If the code uses #if defined(symbol) or #if symbol == xx or #ifdef(symbol) then there is a contract between you and the compiler vendor (based on the C language standard) that the compiler/preprocessor/linker combination will completely ignore lines that are within a block that where the condition isn't fulfilled.
So you can write:
#define SKIP_DEBUG #if !defined(SKIP_DEBUG) here I can have whatever random text I want (that doesn't look like some important preprocessor directive like #else, #endif, ... and the compiler will totally ignore if this is valid C or not. It will be stripped away before the C compiler starts to figure out what code you have. #endif
But you will get errors if you write:
int skip_debug = 1; if (!skip_debug) { I want the compiler to ignore this. But the compiler will scream blue murder because this is random text within the C source code. }
Ok. So what about "correct" code, but you want to save space.
int charlie(int a,int b) { int skip_debug = 1; if (!skip_debug) { printf("I'm in debug mode now. So lots of nice extra printouts.\n"); printf("I'm in function charlie() and time of day is '%s'.\n",my_time_of_day(tmpbuf)); } return a+b; }
The compiler will process every single line as C code. Any syntax error will be caught. The compiler can see that skip_debug is always non-zero. The compiler can know that the print() statements can never be activated. The compiler _may_ decide to not generate any code for that block and compile your source as if you had:
int charlie(int a,int b) { return a+b; }
I say _may_. There is no "must". The language standard allows the compiler to figure out that the if block can never be activated, and that the expression "skip_debug" don't have any side effect.
But there are no contract between you and the language standard that guarantees the optimization. There _may_ be a contract between you and the language standard that the compiler should optimize away the code.
So try same thing agan, but we move the variable include_debug outside the function.
int skip_debug = 1; int charlie(int a,int b) { if (!skip_debug) { printf("I'm in debug mode now. So lots of nice extra printouts.\n"); printf("I'm in function charlie() and time of day is '%s'.\n",my_time_of_day(tmpbuf)); } return a+b; }
Now, the life is way harder for the compiler. include_debug is a global variable, and the above code isn't enough to prove if any other code within the full program may modify the value of skip_debug to zero.
So unless the compiler/linker have very advanced code for performing full (cross)module optimization, it must include the code even if _you_ know the the variable is always zero and the code should never be run.

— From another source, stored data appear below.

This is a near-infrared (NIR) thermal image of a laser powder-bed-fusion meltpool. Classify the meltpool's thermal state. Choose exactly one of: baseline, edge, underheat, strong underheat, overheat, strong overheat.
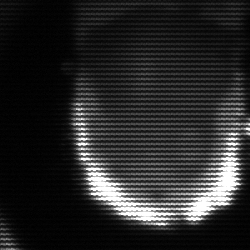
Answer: baseline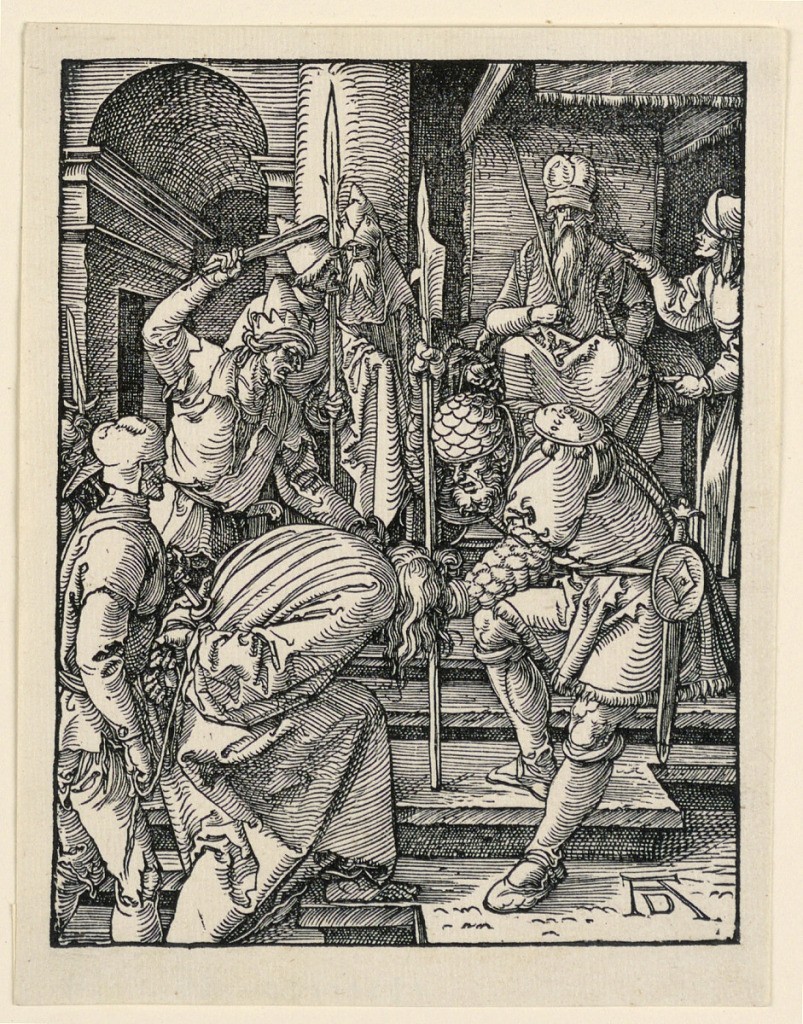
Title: Christ before Annas, from The Little Passion Series
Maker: Albrecht Dürer, German, 1471–1528
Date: ca. 1509–1511
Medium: Woodcut on paper
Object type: Print
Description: Annas is seated beneath a canopy in the background, upper right. Christ is being led toward him from the left, his hands bound behind his back. Monogram of Dürer, lower right.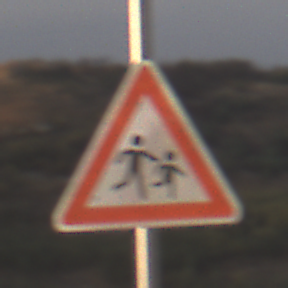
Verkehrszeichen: KinderLinks
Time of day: SunriseSunset
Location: Outdoor (Nature)
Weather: PartlyCloudy
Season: NotSpecified
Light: Natural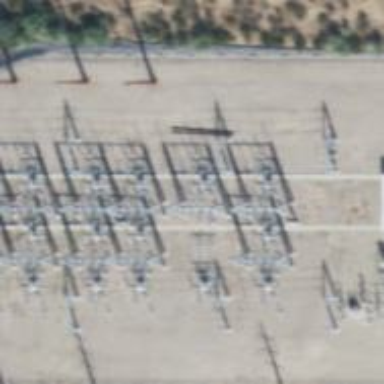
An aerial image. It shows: Switch for power supply.
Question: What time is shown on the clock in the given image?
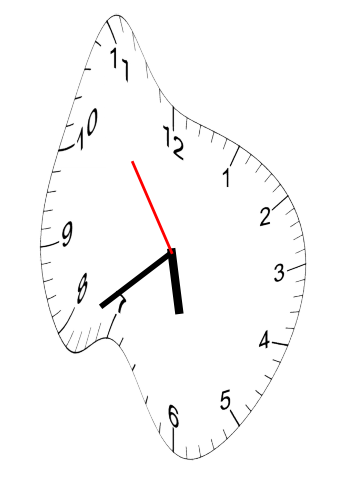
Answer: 05:38:54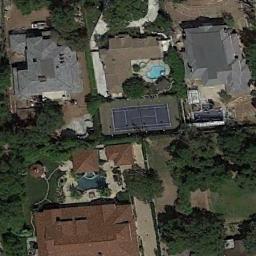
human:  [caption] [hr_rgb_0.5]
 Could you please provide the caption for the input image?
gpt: Many buildings of different shapes are beside the tennis courts .

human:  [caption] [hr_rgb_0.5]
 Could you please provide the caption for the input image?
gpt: There are two tennis courts of the same size in red and green .

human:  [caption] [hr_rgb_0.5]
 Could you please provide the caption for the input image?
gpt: Tennis court and swimming pool in the middle of a residential area surrounded by trees .

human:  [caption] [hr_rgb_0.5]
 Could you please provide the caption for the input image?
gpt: The tennis court is on the grass next to some buildings and trees .

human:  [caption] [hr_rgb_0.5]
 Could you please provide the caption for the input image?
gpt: There are some green trees and buildings around the tennis court .
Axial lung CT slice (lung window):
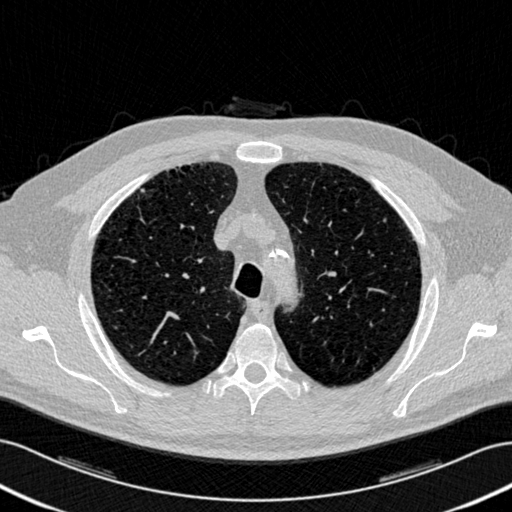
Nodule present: yes
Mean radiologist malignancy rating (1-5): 2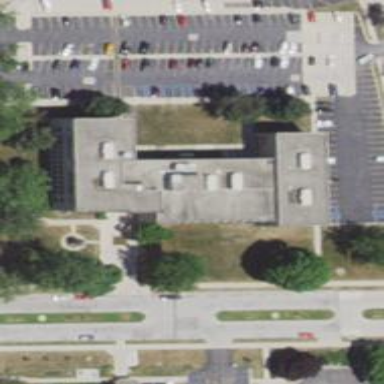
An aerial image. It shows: Courthouse building.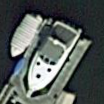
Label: civil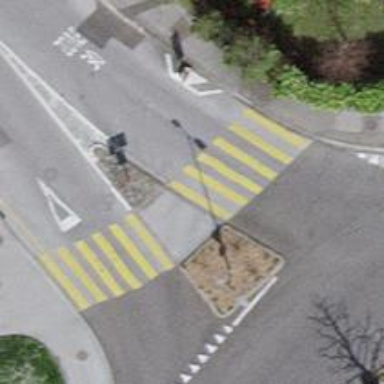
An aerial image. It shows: Uncontrolled zebra crossing with pedestrian island.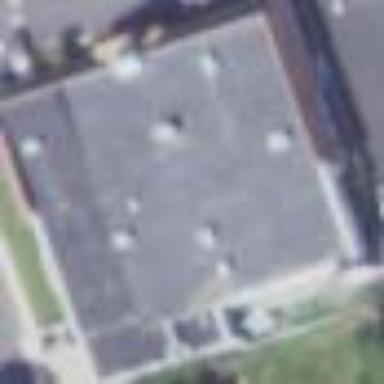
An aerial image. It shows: Building.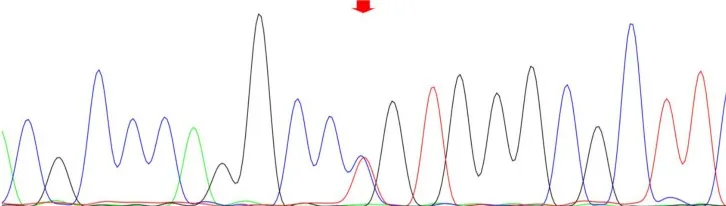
Sanger sequencing of the TRPV4 gene locus in the proband and the proband's parents. The proband.
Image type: chart (chart)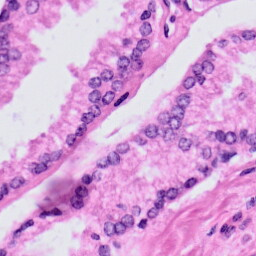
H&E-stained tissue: Prostate
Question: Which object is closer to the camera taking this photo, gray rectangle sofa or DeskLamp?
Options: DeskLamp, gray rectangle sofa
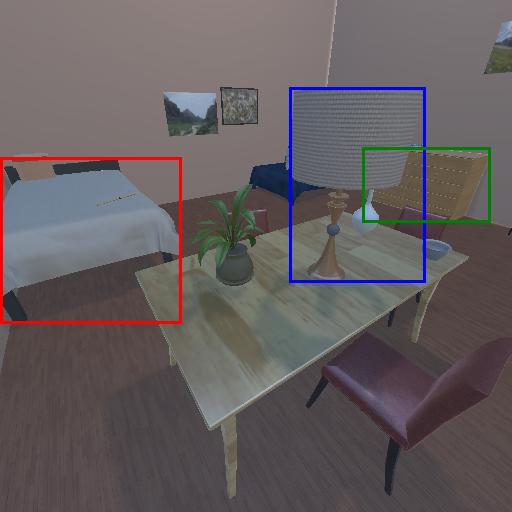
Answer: DeskLamp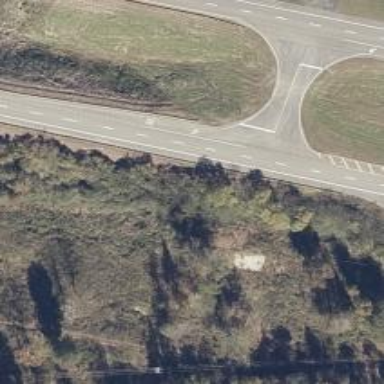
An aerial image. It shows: Primary highway with asphalt surface. It is dual carriageway.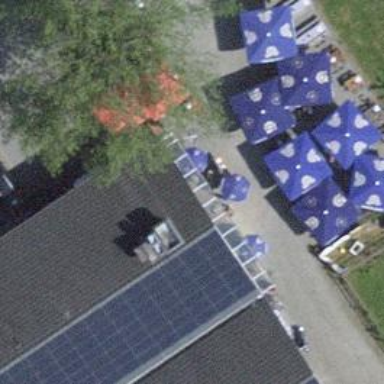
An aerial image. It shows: Restaurant.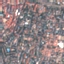
Land use / land cover class: Residential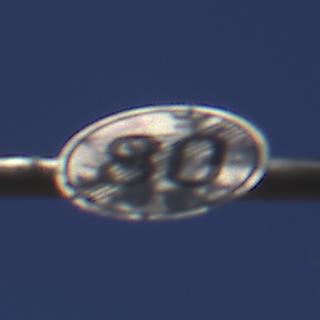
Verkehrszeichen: EndeGeschwindigkeit80
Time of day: MorningAfternoon
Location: Outdoor (Nature)
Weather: Clear
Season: Winter
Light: Natural
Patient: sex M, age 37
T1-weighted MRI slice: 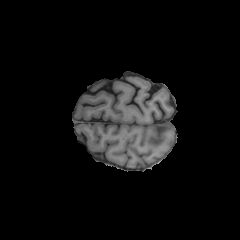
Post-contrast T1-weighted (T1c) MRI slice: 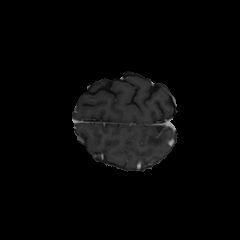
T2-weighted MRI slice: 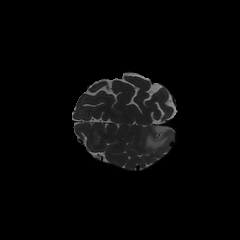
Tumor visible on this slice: yes
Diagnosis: Astrocytoma, IDH-mutant
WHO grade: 2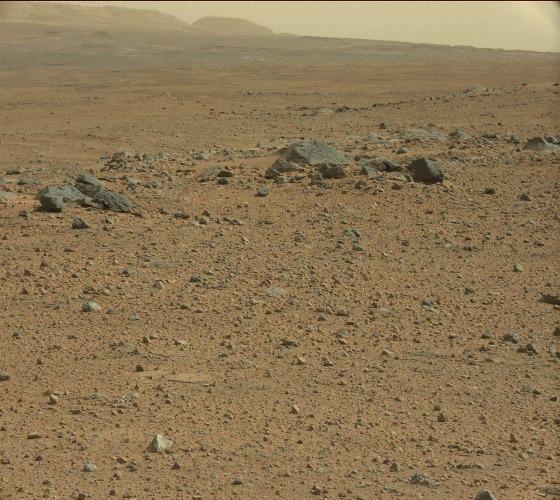
Terrain classes present: Gravel / Sand / Soil, Rock, Sky / Distant Mountains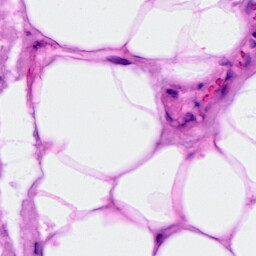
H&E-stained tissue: Breast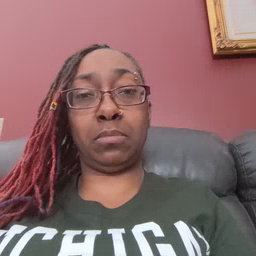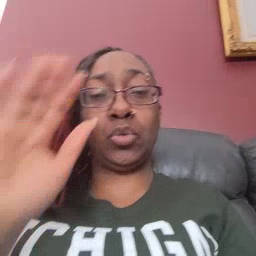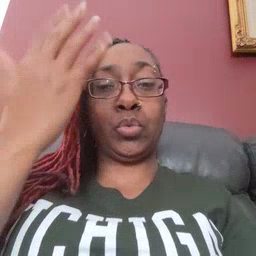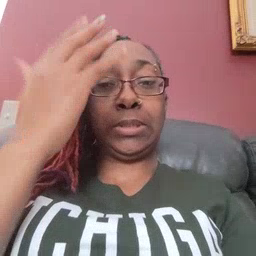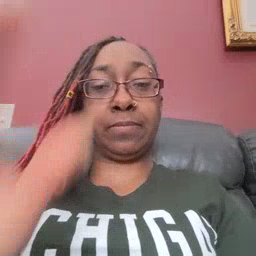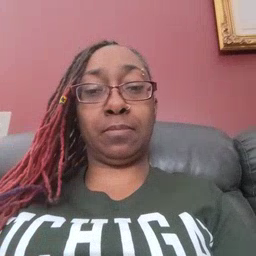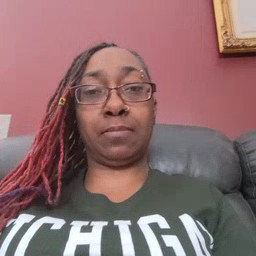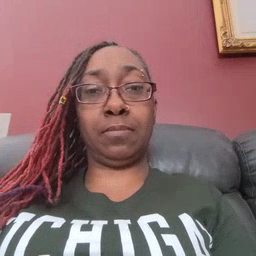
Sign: tree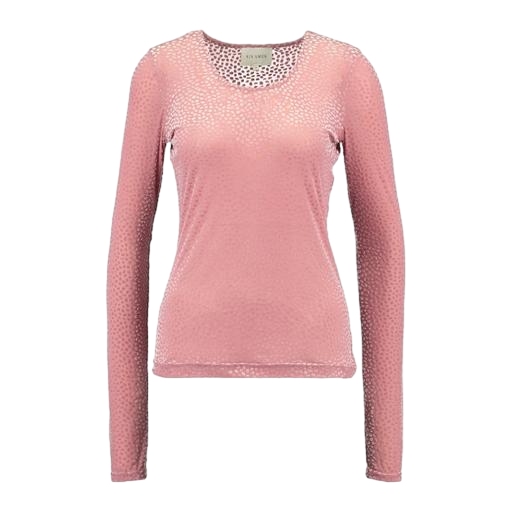
pink printed studded t-shirt only macy, pink long-sleeve t-shirt, long-sleeve top, white background
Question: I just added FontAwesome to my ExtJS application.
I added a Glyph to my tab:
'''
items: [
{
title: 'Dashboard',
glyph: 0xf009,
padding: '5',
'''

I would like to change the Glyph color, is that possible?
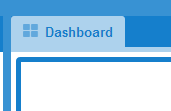
Answer: This should work:
'''
.x-panel-header .x-panel-header-glyph {
opacity: 1;
color: red;
}
'''
You can see it in action here: <URL>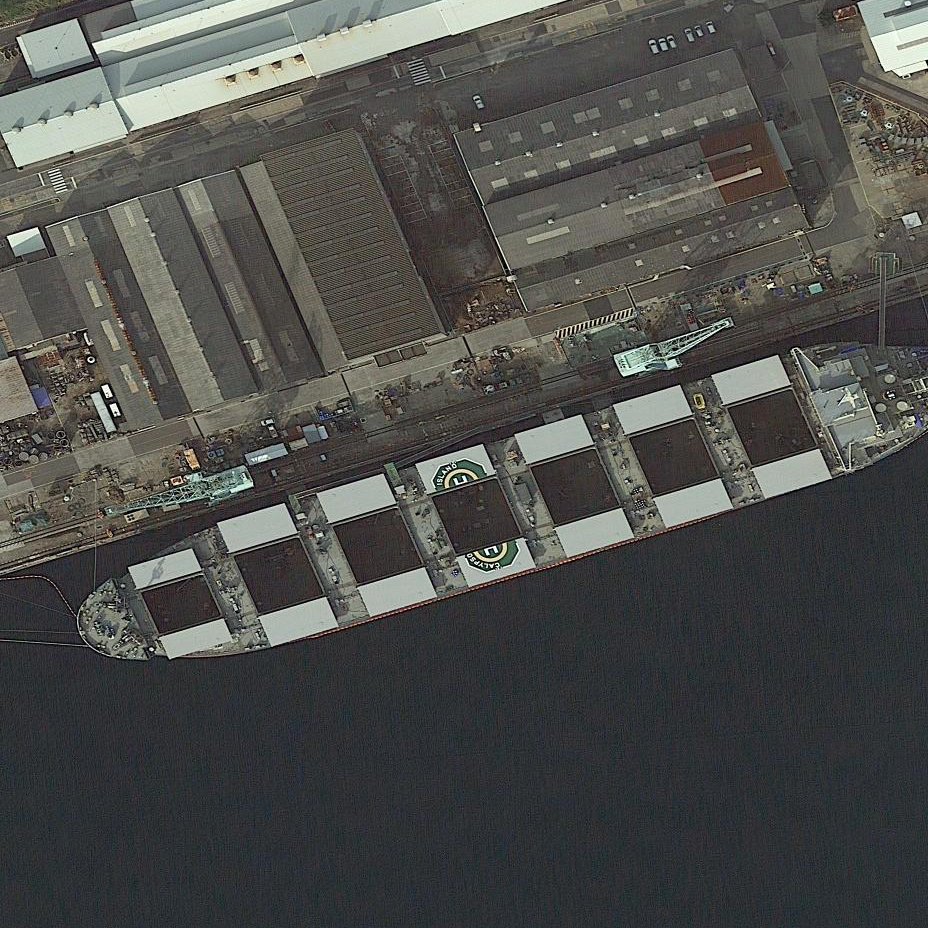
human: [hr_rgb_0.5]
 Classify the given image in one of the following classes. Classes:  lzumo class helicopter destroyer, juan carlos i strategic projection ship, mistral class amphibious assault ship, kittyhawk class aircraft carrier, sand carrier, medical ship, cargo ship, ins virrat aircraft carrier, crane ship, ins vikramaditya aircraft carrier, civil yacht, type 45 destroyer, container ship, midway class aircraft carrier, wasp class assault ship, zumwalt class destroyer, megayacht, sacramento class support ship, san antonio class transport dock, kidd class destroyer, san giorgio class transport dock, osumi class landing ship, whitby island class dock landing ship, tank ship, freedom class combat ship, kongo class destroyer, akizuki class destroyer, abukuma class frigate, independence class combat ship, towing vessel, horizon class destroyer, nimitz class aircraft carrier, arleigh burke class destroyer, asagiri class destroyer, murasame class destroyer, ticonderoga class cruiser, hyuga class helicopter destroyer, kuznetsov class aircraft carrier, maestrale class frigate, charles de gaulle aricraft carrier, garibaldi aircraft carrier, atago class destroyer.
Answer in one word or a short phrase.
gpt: Cargo ship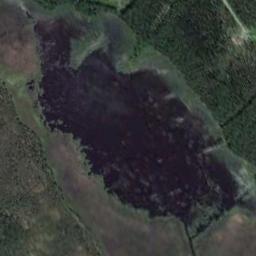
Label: lake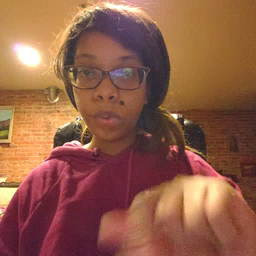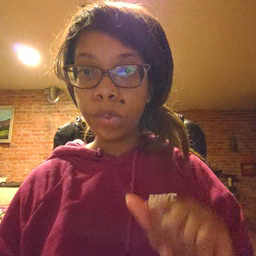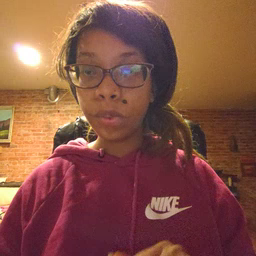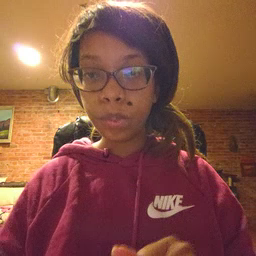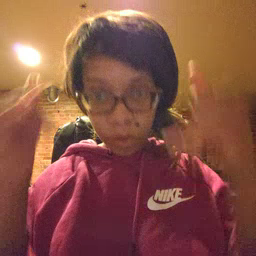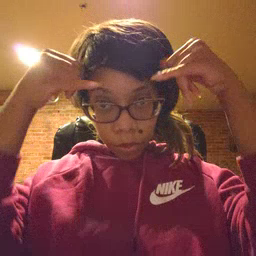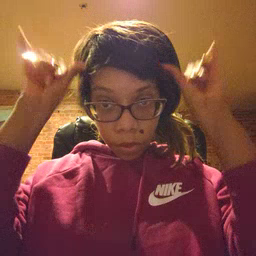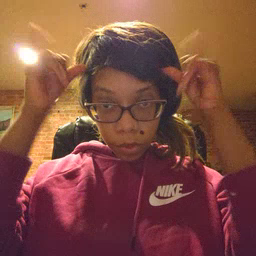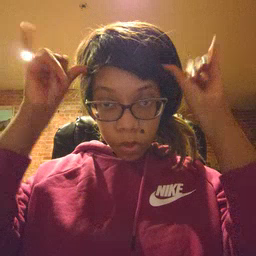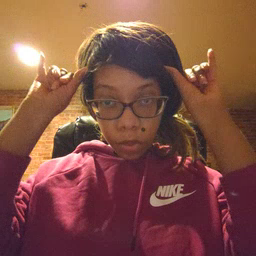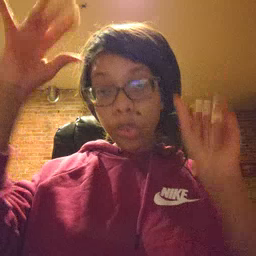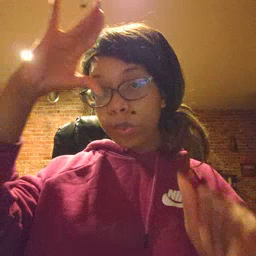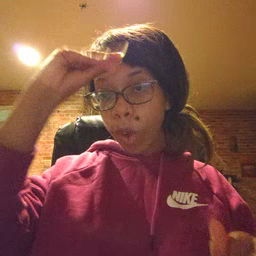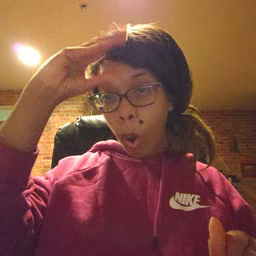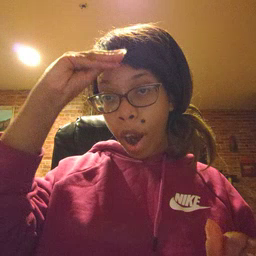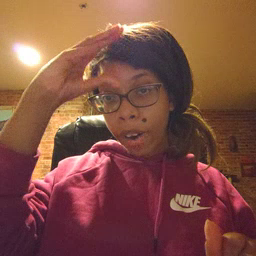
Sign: cowboy

So then we have the mixed case.
#define skip_debug 1; int charlie(int a,int b) { if (!skip_debug) { printf("I'm in debug mode now. So lots of nice extra printouts.\n"); printf("I'm in function charlie() and time of day is '%s'.\n",my_time_of_day(tmpbuf)); } return a+b; }
This gets processed as:
int charlie(int a,int b) { if (!1) { printf("I'm in debug mode now. So lots of nice extra printouts.\n"); printf("I'm in function charlie() and time of day is '%s'.\n",my_time_of_day(tmpbuf)); } return a+b; }
Now, it is easier again for the compiler to notice the impossible-to-reach code block. So the compiler is free to (i.e. _may_) not generate any processor instructions for the unproductive source code statements. But the compiler isn't required to save code space by throwing away the block.
So you really should use the preprocessor fully (setting the symbol that selects include/skip, and that checks this symbol) to reduce the code size. Only then will you have a valid contract guaranteeing removal of the unwanted code.
If you do not use the preprocessor, but still see the code size shrink, that will be caused by the _may_ rule. The compiler _may_ be smart enough, and the code _may_ be simple enough, that the compiler can deduce that it can throw away code. Some compilers are marvels at analyzing code. Some are rather stupid. But the marvel and the stupid compiler will honor the intentions of the #if constructs.
That makes sense. Sounds like, whether my code needs it or not using the optimization I'm using, it's in my best interest to add the #if statements to ensure I'm not relying on "MAY" conditions to occur.
At least now I understand what's happening and why. Thanks, guys!